__Prompt__:
Reproduce each line below precisely. Drop the pictures.

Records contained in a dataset
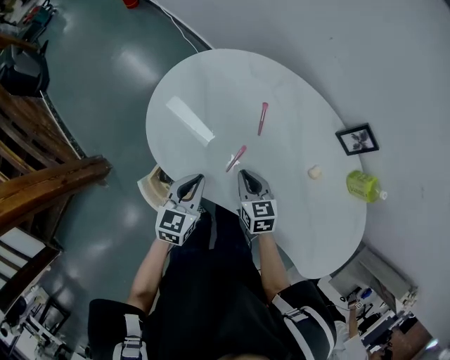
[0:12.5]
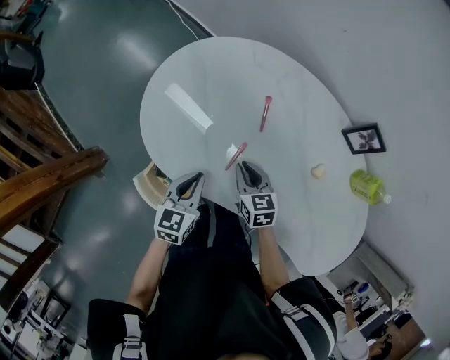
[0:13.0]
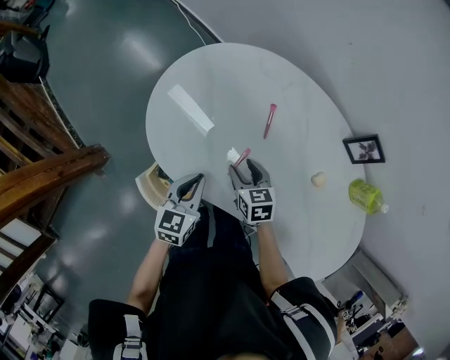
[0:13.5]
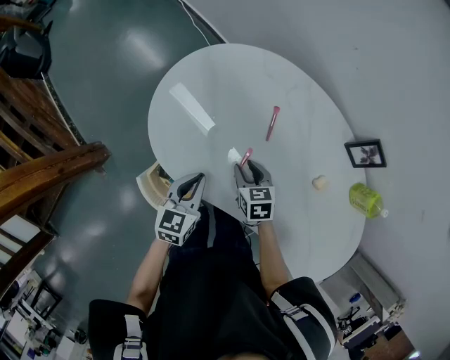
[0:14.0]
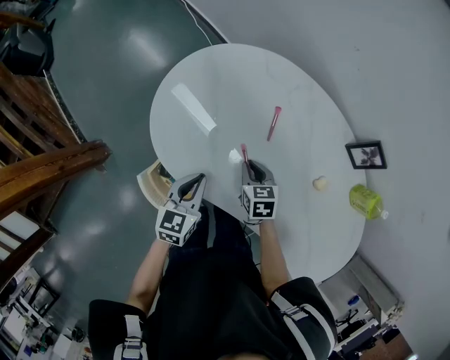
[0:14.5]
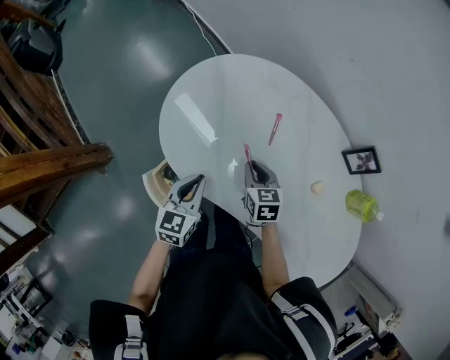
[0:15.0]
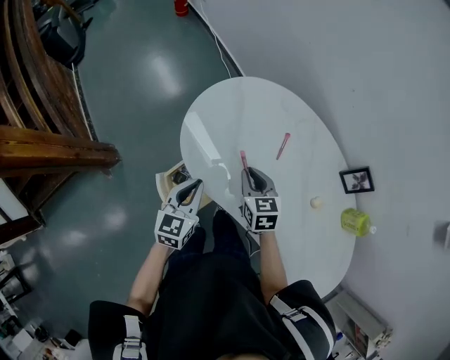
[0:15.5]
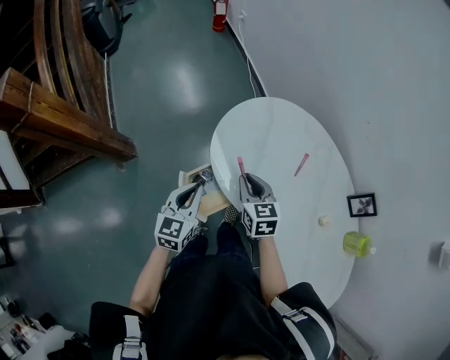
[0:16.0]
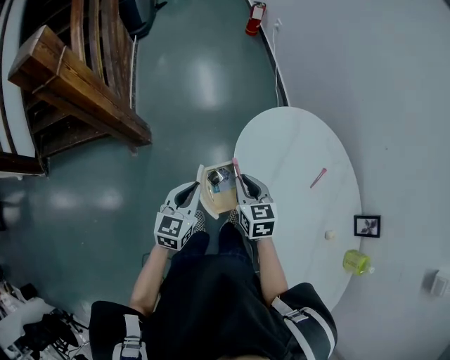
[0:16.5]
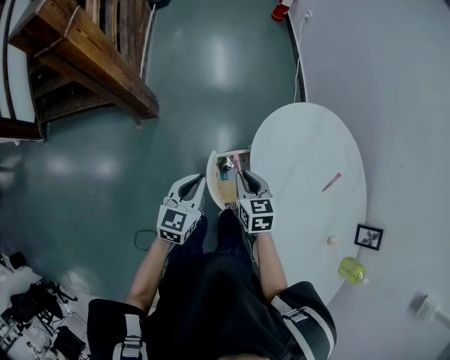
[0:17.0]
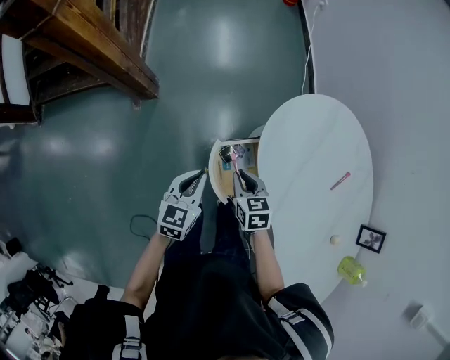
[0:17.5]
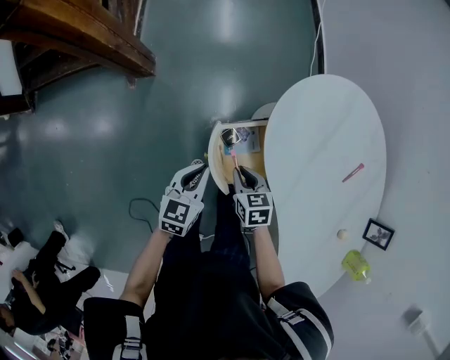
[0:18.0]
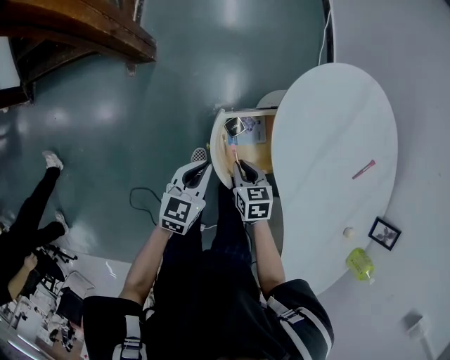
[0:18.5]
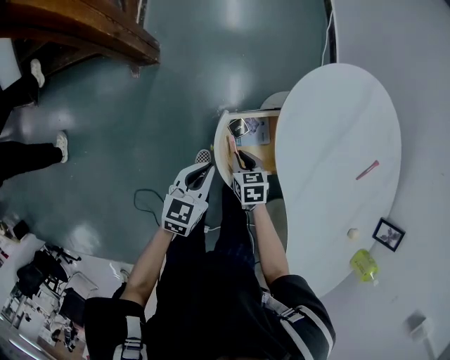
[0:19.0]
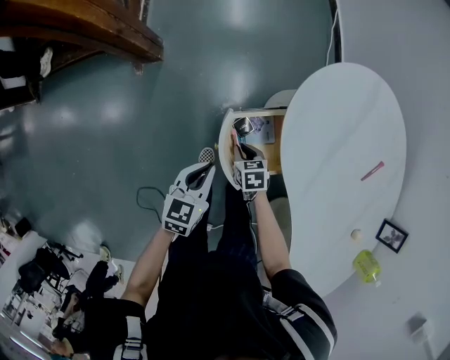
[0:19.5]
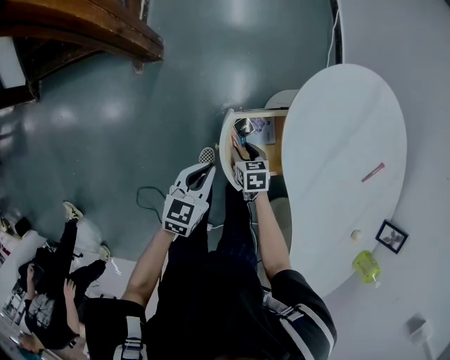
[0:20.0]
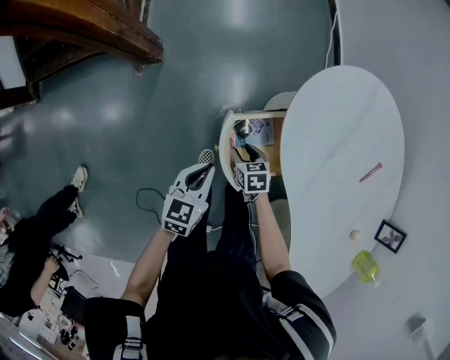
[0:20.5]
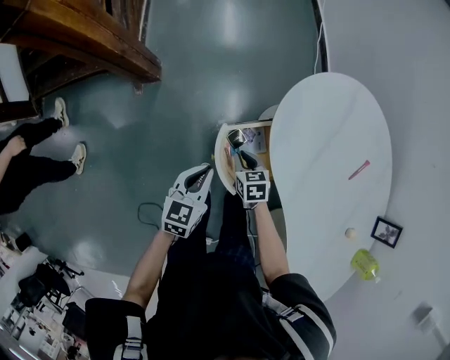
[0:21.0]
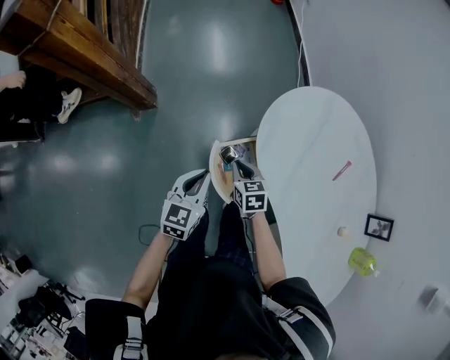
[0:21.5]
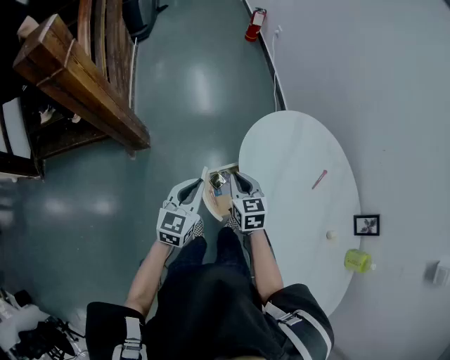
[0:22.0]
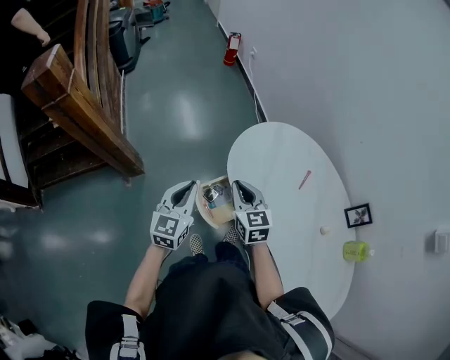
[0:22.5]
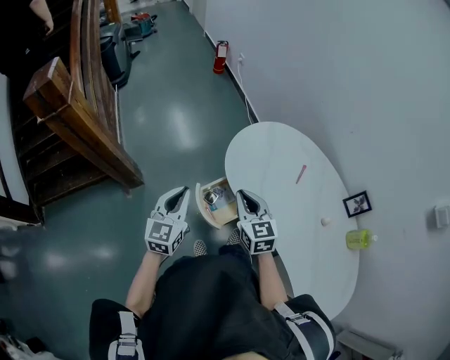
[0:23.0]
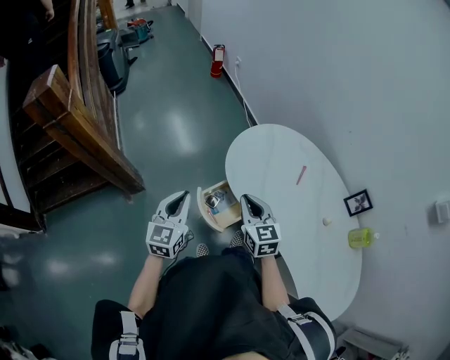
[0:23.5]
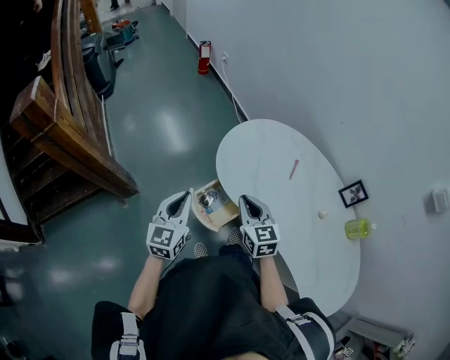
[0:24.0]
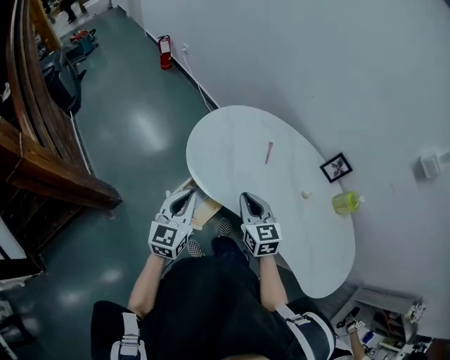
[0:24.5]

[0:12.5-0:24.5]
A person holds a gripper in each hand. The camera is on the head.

__Solution to the problem__:
[0:12.5]
[0:13.0]
[0:13.5]
[0:14.0]
[0:14.5]
[0:15.0]
[0:15.5]
[0:16.0]
[0:16.5]
[0:17.0]
[0:17.5]
[0:18.0]
[0:18.5]
[0:19.0]
[0:19.5]
[0:20.0]
[0:20.5]
[0:21.0]
[0:21.5]
[0:22.0]
[0:22.5]
[0:23.0]
[0:23.5]
[0:24.0]
[0:24.5]

[0:12.5-0:24.5]
A person holds a gripper in each hand. The camera is on the head.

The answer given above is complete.